A certificate of conformance used to support a calibration

lorenambrose

Quality Assurance Manager
I work for a company that received a piece of equipment from the manufacturer with a Certificate of Conformity that states:

"Company X certifies that the unit described below has been inspected and tested in accordance with specifications following procedures set out in an ISO9001-2015 approved Quality Management System using equipment traceable to national standards"

Also, there is no date for having performed this "inspection". Instead, the certificate has a box telling the purchaser to write in the date it is placed into service. It does include the P/N, S/N, and Model.

For me, this is quite sketchy to use as a true calibration. Is there any industry guidance regarding this? I would think it should have been sent out for cal upon receipt. Is there any guidance that defines what a real cal cert should include?
 

planB

Super Moderator
"Company X certifies that the unit described below has been inspected and tested in accordance with specifications following procedures set out in an ISO9001-2015 approved Quality Management System using equipment traceable to national standards"

This statement at least does not relate to calibration.

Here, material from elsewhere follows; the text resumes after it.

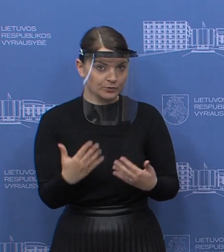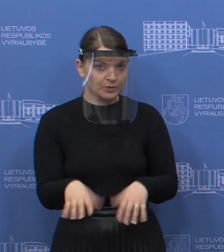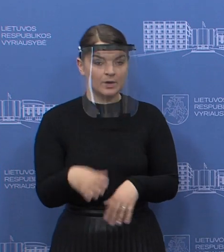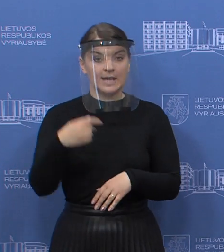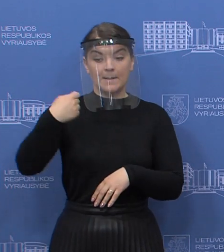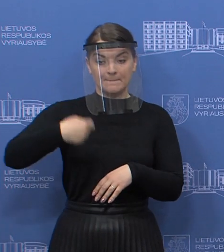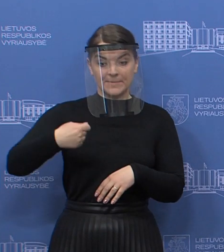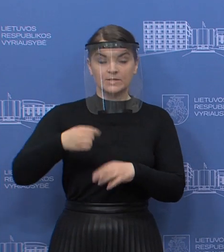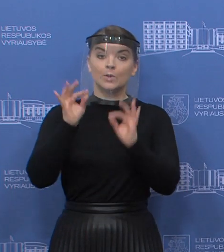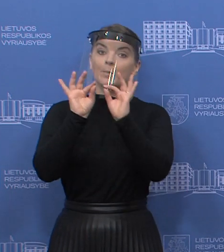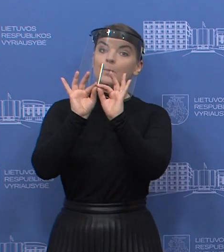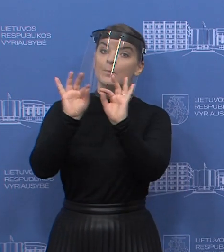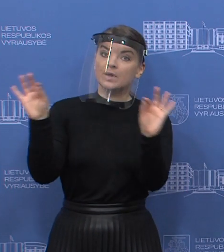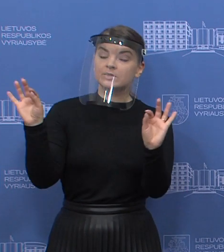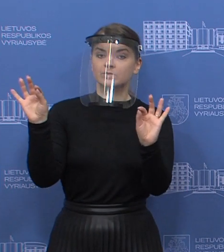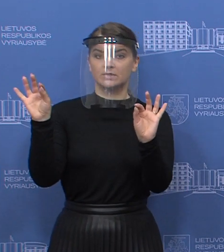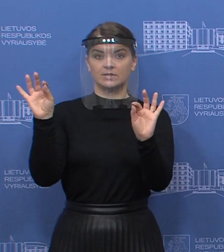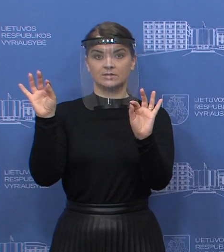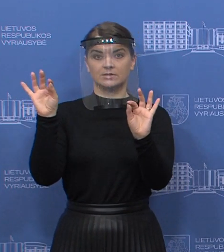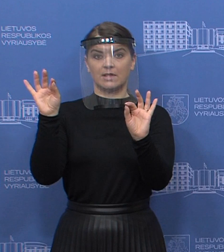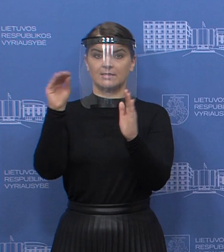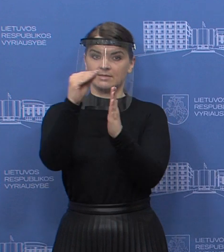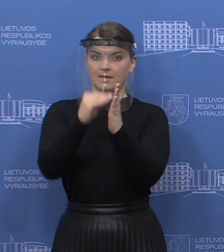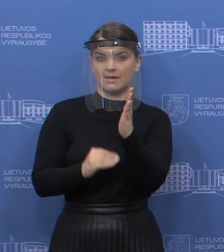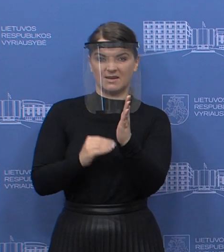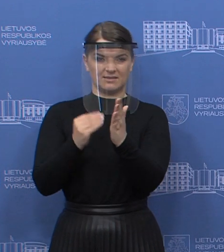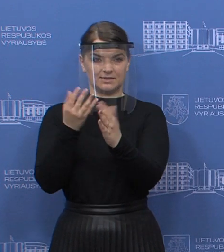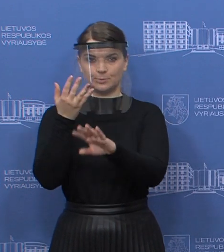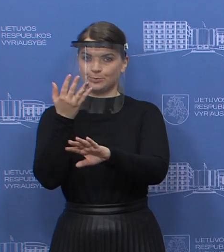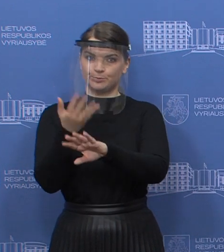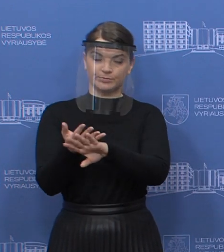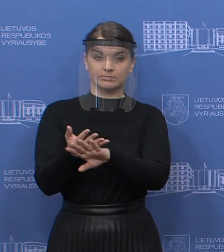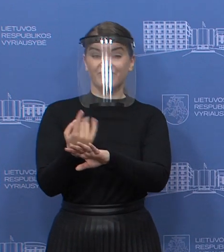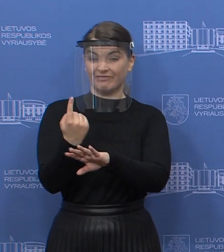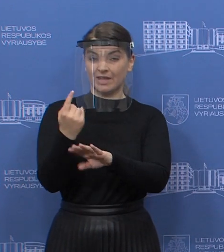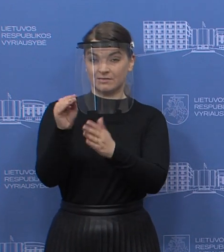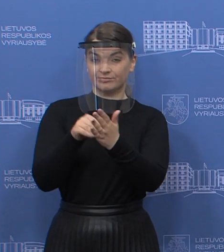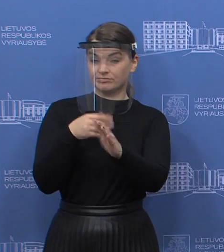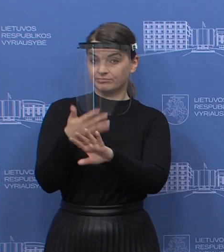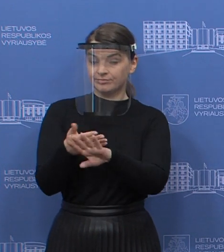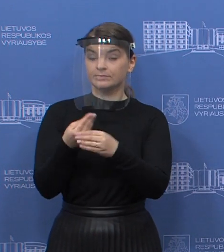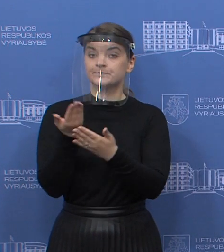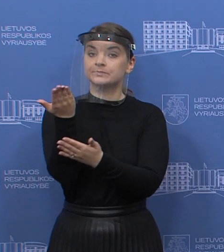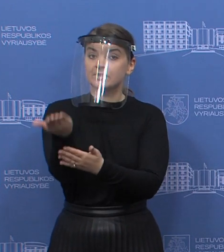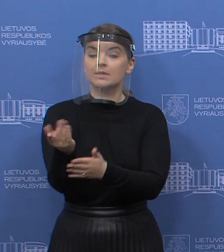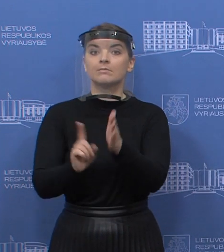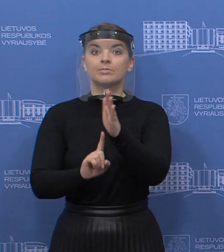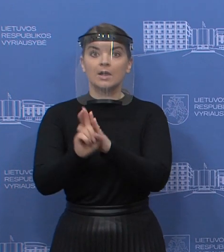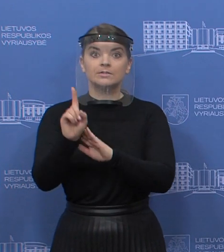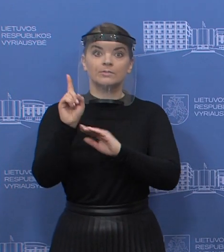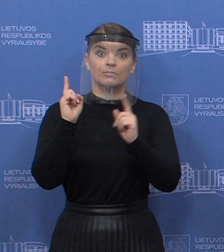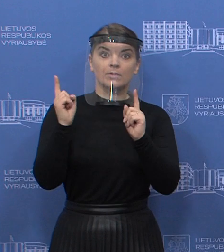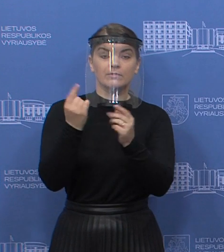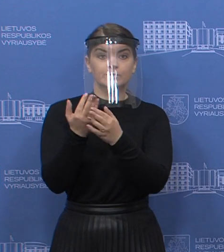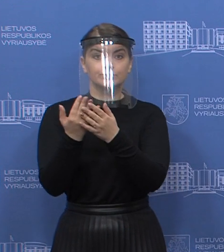prezidentūra pateikė netinkamai suformuotus dekretus arba tikslio vieną dekretą ir tai tos grėsmės buvo ir tada įsakytos, kad

ISO 17025, section7.8.4 "Specific requirements for calibration certificates" might be a start. You might also want to ask raise your concerns directly with your supplier.

HTH,
 

Johnny Quality

Quite Involved in Discussions
ISO9001-2015 approved Quality Management System

Approved by whom? Is there a certification logo from a CB on the CoC?

ISO/IEC 17025 is the standard for calibration lab competence. Ask for a copy of their accreditation, it will state their scope which will list what they are competent to calibrate.
 

blackholequasar

The Cheerful Diabetic
I would send this out for calibration, personally. ISO 9001 has nothing to do with calibration and the scant details on the 'cert' are sketchy at best. To be safe and ensure that the product you purchased is working as intended, I would calibrate it.
 

dwperron

Trusted Information Resource
If you need a NIST (or other national body) traceable calibration you would need to go back to the OEM and request the traceability data for the standards they used when they " tested in accordance with specifications following procedures set out in an ISO9001-2015 approved Quality Management System using equipment traceable to national standards ".
Without that information you have no traceability.
Don't be surprised if the OEM won't supply that to you...

Save yourself the aggravation and just get a real calibration performed from a reputable lab.
 

lorenambrose

Quality Assurance Manager
Your thoughts seem to be in line with my initial assumptions. It all seemed too vague to be trustworthy.
 

BradM

Leader
Admin
As the others stated very well.... a certificate of conformance has nothing (essentially) to do with traceable calibration.

The company could have performed some quick and simple one point check to assure it doesn't exceed some mfg. specification. They may check some internal type parameter... but may not verify the instrument as a whole. They may use a standard with a 1 to 1 accuracy ratio that has never been calibrated or verified years ago. Also... I have seen the conformance certificate represent a sampling of produced instruments, and not that specific individual instrument.

When I receive a certificate of conformance, pretty much every time it goes in the shredder. I pay an accredited organization to calibrate it and provide meaningful documentation that provides information and confidence.